This was my second Pycon - since the last two have been in Chicago and on a weekend it has been an easy drive for me to attend coming from Michigan. Since last year was my first time at Pycon - I was just finding my way around. This year I was invited to all the "Python educators" parties and running around promoting my upcoming "Using Google App Engine" book - handing out postcards with discount codes and hanging out at the O'Reilly booth.
I was really excited when Guido posted a BOF about Google App Engine. Even though I wrote an introductory book, there were a few nagging questions that the documentation seemed not to answer.
The BOF was attended by Guido van Rossum and Joe Gregario of Google as well as some experienced App Engine developers including Thomas Bohmbach Jr who was the lead developer for Best Buy's giftag.com and was completely famous because he is featured in a video on the App Engine main site - Thomas is also interested in teaching beginners how to use App Engine - Just like me!
So I posed a few questions and got some super answers.
How should parent-child keys should be used? How deep can they go? I wondered how you avoid concurrency problems.
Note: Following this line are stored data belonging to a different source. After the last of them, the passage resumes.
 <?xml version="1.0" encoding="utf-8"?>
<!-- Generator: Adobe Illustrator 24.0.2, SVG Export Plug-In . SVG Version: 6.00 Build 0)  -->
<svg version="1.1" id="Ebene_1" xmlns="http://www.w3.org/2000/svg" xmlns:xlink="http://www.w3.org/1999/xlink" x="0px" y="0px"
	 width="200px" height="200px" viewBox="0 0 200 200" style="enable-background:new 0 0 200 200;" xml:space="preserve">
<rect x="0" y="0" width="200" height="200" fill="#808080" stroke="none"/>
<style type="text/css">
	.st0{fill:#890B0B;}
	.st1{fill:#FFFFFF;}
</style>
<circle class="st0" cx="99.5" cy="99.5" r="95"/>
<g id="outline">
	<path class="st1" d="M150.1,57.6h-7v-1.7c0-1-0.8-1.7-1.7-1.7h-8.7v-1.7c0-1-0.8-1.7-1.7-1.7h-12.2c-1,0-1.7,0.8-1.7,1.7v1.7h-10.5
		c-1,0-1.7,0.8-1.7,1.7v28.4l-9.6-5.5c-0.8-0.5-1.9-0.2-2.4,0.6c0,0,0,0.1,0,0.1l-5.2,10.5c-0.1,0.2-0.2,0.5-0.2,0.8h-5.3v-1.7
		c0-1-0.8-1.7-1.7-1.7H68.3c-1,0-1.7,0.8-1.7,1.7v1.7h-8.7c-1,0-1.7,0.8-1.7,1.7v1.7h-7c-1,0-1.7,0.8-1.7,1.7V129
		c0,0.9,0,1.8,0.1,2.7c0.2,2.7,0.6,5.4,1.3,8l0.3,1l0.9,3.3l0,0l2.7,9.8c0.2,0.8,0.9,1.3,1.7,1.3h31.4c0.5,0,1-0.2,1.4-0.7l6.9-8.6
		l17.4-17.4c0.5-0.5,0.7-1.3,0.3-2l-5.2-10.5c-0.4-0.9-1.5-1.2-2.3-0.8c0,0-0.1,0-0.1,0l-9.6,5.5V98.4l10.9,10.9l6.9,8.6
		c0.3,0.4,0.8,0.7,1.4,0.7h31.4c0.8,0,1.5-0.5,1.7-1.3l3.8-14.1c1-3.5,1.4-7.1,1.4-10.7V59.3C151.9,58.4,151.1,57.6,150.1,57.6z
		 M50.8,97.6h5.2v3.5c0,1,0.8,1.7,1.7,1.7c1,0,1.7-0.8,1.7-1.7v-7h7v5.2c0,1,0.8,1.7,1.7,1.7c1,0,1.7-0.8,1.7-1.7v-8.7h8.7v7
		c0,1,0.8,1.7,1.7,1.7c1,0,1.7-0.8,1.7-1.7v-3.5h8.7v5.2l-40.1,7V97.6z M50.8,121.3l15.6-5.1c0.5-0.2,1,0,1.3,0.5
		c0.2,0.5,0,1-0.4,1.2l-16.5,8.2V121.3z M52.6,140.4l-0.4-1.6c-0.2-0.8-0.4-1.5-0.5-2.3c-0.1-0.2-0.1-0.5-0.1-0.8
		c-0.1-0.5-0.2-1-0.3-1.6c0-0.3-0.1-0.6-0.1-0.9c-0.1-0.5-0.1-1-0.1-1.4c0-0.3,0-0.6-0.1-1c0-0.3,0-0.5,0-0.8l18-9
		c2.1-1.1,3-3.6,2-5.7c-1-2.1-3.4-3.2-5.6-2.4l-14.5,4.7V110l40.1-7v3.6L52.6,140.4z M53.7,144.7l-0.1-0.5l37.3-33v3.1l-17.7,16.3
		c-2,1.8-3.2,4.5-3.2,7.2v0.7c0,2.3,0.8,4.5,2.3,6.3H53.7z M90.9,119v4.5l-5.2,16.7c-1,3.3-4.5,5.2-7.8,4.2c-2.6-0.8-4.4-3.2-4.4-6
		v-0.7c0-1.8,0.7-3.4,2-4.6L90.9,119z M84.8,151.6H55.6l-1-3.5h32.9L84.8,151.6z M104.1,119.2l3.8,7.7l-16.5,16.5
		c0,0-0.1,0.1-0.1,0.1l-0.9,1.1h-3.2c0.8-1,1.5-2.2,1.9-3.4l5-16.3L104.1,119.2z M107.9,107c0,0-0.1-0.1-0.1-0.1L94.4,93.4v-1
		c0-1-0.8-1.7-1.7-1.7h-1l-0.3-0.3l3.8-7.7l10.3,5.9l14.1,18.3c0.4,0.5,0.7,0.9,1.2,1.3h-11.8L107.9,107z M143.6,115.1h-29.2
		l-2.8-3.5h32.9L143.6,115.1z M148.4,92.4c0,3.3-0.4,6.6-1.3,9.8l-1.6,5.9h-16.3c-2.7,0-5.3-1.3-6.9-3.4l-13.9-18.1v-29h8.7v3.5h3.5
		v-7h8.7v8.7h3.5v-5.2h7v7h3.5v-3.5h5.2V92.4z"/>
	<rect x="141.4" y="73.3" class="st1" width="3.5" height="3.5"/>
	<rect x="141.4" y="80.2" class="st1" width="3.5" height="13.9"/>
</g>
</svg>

I wondered if we needed to make artificially deep trees to create more places to lock. Also I wondered if we were doing something like a user-facing file system, should we have the connections between folders within folders be relationships or be parent-child connections. The answer to all these questions was an emphatic NO!!! - Don't add parent-child relationships willy-nilly. Effectively you add parent-child relationships as part of your design for concurrency / transactions. You make trees so that data within the tree is all locked together. If you want truly independent data which will not cause concurrency - simply make plenty of root nodes.
What is the nature of the set of Model B's when looking at an instance of Model A when you have a relationship from model B to model A. Was the set maintained as data or was it constructed in a lazy manner? Answer: The set is a convenience - it is not stored - it is constructed as you need it. Looking from an A to a set of related B's may not be super-efficieint - but it does not waste space.
When you have something like a chat message which as a related user, should you express the relationship as a relationship or just de-normalize a bit and make the key a string? Answer: No - if it is a relationship model it as a relationship. Do not hide that fact from the data models. You might want to be careful how you traverse the relationship for performance issues - but model it honestly. For example in the case of the chat messages and related users - the trick is to do one query to get the most recent 20 chat messages (one I/O), then extract the user keys from the 20 chat objects and then so a multi-key GET to pull in the references users (one I/O) and then to the little join of (10-20) users and (20) messages in memory for display. This way you are honestly modeling things but making sure that the minimum number of I/Os are being done. Also Thomas B said that if you lied and modelled relationships a string - your data import and export and moving data between servers would break horribly - because the strings would not be known as references. If you modeled honestly import and export just would work. Of course! The lesson - model honestly and code intelligently - sometimes convenience methods are not the best way to do something.
What is the life-cycle of my Python process in App Engine? If I create a global variable and add stuff to it in Handler calls - will it stay around? Is there any reason to worry about concurrency? I had heard this referred to "incoherent caching". The answer was to think of things as a process model. If you have no processes running and a request comes in - you get started in a process. Later requests may come to the same process and such may reuse global data set by earlier requests to the same process. If load goes up App Engine may make more processes - these get their own global data. Requests are passed out to processes. There is no issue about concurrency within a process - this is more a Python thing - the processes are single threaded - so you can safely mess with globally scoped lists or dictionaries during a request to your heart's content. If your load goes down, your processes start going away - and when load comes back up you are started again with fresh global memory. For me this is perfect - I can do slightly costly things like scanning a folder for "plug-ins" and loading those once per process start and keep a list in global memory. If my usage is low - there is a small overhead on each request and if usage is high - I get al the benefits of loading only once for many requests. Very very nice.
All in all it was a great meeting - and I cannot wait for Google I/O 2009 (http://code.google.com/events/io/) where there will be thousands of App Engine geeks to talk with. See you there. The book will be out by then - I hope to be carrying copies of the book around in my backpack! Perhaps there will be space to talk about teaching App Engine to beginning students at Google I/O. Maybe an impromptu BOF in the hallway of the Moscone Center.